As one of Wall Street's biggest issuers of bonds, GM's ability to recover
from its problems will be severely tested by a junk rating that would increase
debt costs and make any future refinancing more costly and harder to find.
GM and GMAC had about $300 billion combined in debt outstanding at the end
of 2004. A fall to junk status for this bond-market behemoth could have far-reaching
implications for the nearly $5 trillion corporate bond market. Many insurance
and pension funds are prohibited from investing in junk bonds.
GM's Soaring Bond Yields May Hurt US Corporate Borrowers and U.S. companies
are likely to pay more to borrow relative to U.S. government debt after General
Motors Corp.'s forecast of a loss this quarter. Automakers' bonds also play
prominently in broad corporate-bond indexes. The announcement sparked the biggest
weekly decline in corporate bonds since 2003 as investors pared their holdings
of riskier assets in favor of U.S. Treasuries.
The Financial Times in an article entitled 'Is this the end of the road for
credit?' said that "General Motors' profit warning rattled confidence in the
corporate bond market this week. And with government bond yields on the rise,
the credit cycle could be about to turn, ending a rally that started nearly
three years ago." They also quoted Christophe Boulanger, financial analyst
at Dresdner Kleinwort Wasserstein - "Given the fact that two agencies are now
rating GM at the borderline of sub-investment grade, we expect forced selling
to weigh on GM's valuations."
Stocks
For the week, the Dow Jones industrial average was down 1.34% to 10,628.7.

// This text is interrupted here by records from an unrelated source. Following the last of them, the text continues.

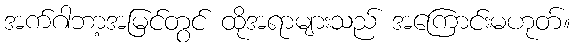
အက်ဂါဘာ့အမြင်တွင် ထိုအရာများသည် အကြောင်းမဟုတ်။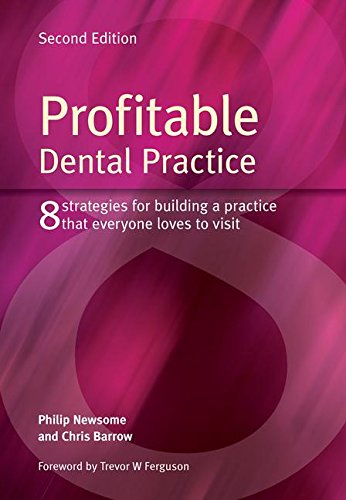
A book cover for Profitable Dental Practice: 8 Strategies for Building a Practice That Everyone Loves to Visit, Second Edition; Philip Newsome; Medical Books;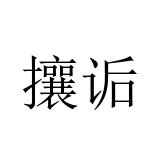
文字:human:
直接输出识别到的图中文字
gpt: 攘诟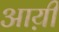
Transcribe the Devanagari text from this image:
आय़ी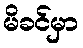
မိခင်မှာ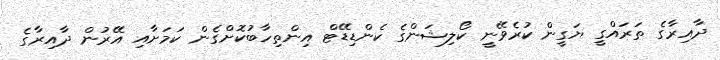
ދާއިރާގެ ތަރައްގީ ޔަގީން ކުރެވޭނީ ކޯލިޝަންގެ ކެންޑިޑޭޓް އިންތިހާބުކޮށްގެން ކަމަށާއި އޭރުން ދާއިރާގެ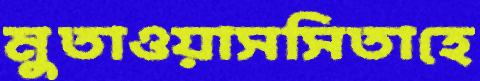
মুতাওয়াসসিতাহে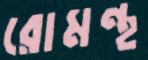
রোমন্থ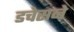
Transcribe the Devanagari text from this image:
डचेसने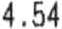
4.54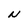
Character: N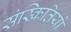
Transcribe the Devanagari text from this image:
संस्क्रितियों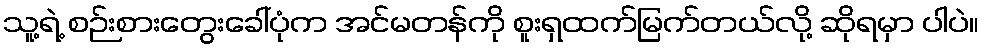
သူ့ရဲ့ စဉ်းစားတွေးခေါ်ပုံက အင်မတန်ကို စူးရှထက်မြက်တယ်လို့ ဆိုရမှာ ပါပဲ။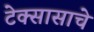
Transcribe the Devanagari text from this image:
टेक्सासाचे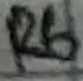
Text: R6

On a weekly basis the Standard & Poor's 500 Index was also down 0.87%,
to 1,189.65 and the Nasdaq closed at 2007.8 down 1.66%. The Nasdaq briefly
dipped below the psychologically important 2000 mark and closed below it's
200 moving day average and at it's lowest level of the year so far. Some analysts
believe the Nasdaq's recent underperformance and failure to hit new highs like
the DOW and S&P is a sign of equity weakness or what is termed a 'bearish
non-confirmation'. For the calendar year so far the DOW, S+P and Nasdaq are
down 1.44%, 1.88% and 7.7% respectively.
The stock markets poor showing for the week was contributed to primarily by
the continuing rise in the price of oil and on General Motor's announcement
that it had lost $1.50 per share last quarter and warning of a 80% drop in
profits citing sliding market share and rising costs for health care and materials.
The share price dropped to $28.62 on Friday down from $34.30 at the open on
Monday for a drop of some 20% for the week.

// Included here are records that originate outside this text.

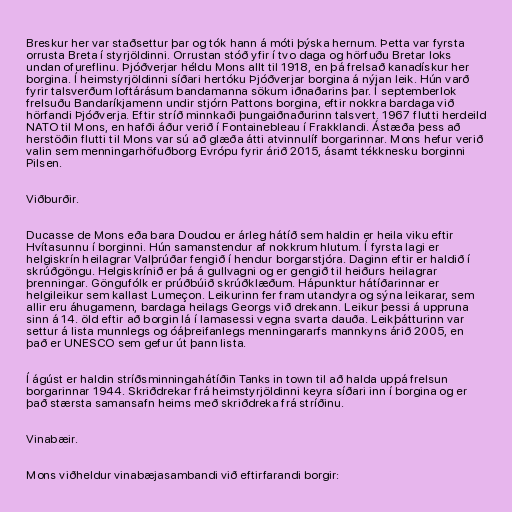
Breskur her var staðsettur þar og tók hann á móti þýska hernum. Þetta var fyrsta
orrusta Breta í styrjöldinni. Orrustan stóð yfir í tvo daga og hörfuðu Bretar loks
undan ofureflinu. Þjóðverjar héldu Mons allt til 1918, en þá frelsað kanadískur her
borgina. Í heimstyrjöldinni síðari hertóku Þjóðverjar borgina á nýjan leik. Hún varð
fyrir talsverðum loftárásum bandamanna sökum iðnaðarins þar. Í septemberlok
frelsuðu Bandaríkjamenn undir stjórn Pattons borgina, eftir nokkra bardaga við
hörfandi Þjóðverja. Eftir stríð minnkaði þungaiðnaðurinn talsvert. 1967 flutti herdeild
NATO til Mons, en hafði áður verið í Fontainebleau í Frakklandi. Ástæða þess að
herstöðin flutti til Mons var sú að glæða átti atvinnulíf borgarinnar. Mons hefur verið
valin sem menningarhöfuðborg Evrópu fyrir árið 2015, ásamt tékknesku borginni
Pilsen.

Viðburðir.

Ducasse de Mons eða bara Doudou er árleg hátíð sem haldin er heila viku eftir
Hvítasunnu í borginni. Hún samanstendur af nokkrum hlutum. Í fyrsta lagi er
helgiskrín heilagrar Valþrúðar fengið í hendur borgarstjóra. Daginn eftir er haldið í
skrúðgöngu. Helgiskrínið er þá á gullvagni og er gengið til heiðurs heilagrar
þrenningar. Göngufólk er prúðbúið skrúðklæðum. Hápunktur hátíðarinnar er
helgileikur sem kallast Lumeçon. Leikurinn fer fram utandyra og sýna leikarar, sem
allir eru áhugamenn, bardaga heilags Georgs við drekann. Leikur þessi á uppruna
sinn á 14. öld eftir að borgin lá í lamasessi vegna svarta dauða. Leikþátturinn var
settur á lista munnlegs og óáþreifanlegs menningararfs mannkyns árið 2005, en
það er UNESCO sem gefur út þann lista.

Í ágúst er haldin stríðsminningahátíðin Tanks in town til að halda uppá frelsun
borgarinnar 1944. Skriðdrekar frá heimstyrjöldinni keyra síðari inn í borgina og er
það stærsta samansafn heims með skriðdreka frá stríðinu.

Vinabæir.

Mons viðheldur vinabæjasambandi við eftirfarandi borgir:

Also the share action of two other important bell weather stocks Federal National
Mortgage Association or Fannie Mae (FNM), the largest mortgage finance
company in the world and the second largest financial company after Citicorp,
and American International Group (AIG), the world's largest insurer,
was very poor.
There are regulatory probes into unusual and possibly illegal insurance contracts
and signed by AIG in 2000 and 2001 and more importantly an investigation into
whether American International Group distorted its results. Hank Greenberg,
the tough chief executive of almost 40 years has been forced to step down from
the day-to-day running of AIG. AIG was down nearly 7% for the week.
Fannie Mae on Thursday said it will not file its annual financial report on
time with securities regulators, the latest disappointment for the embattled
mortgage giant as it faces federal probes into accounting problems. Fannie,
in a filing with the U.S. Securities and Exchange Commission, said it has not
completed financial statements for 2004. FNM was down some 4% for the week
and down some 45% for the last 6 months.
General Motors bonds, The Wall Street Journal reported, have moved
one step closer to junk status and the share price dropped to $28.62 on Friday
down from $34.30 at the open on Monday for a drop of some 20% for the week.
Incidentally the large drop in the value of General Motors leaves it at a
price level which it first reached in 1963 when the Dow Jones Industrial Average
was at 750. Gm was once the world's largest company and there is an old saying
on Wall Street - as goes GM, so goes the Dow or "What's good for America is
good for General Motors and vice versa," as former GM president Charles Wilson
used to say during better times in Detroit.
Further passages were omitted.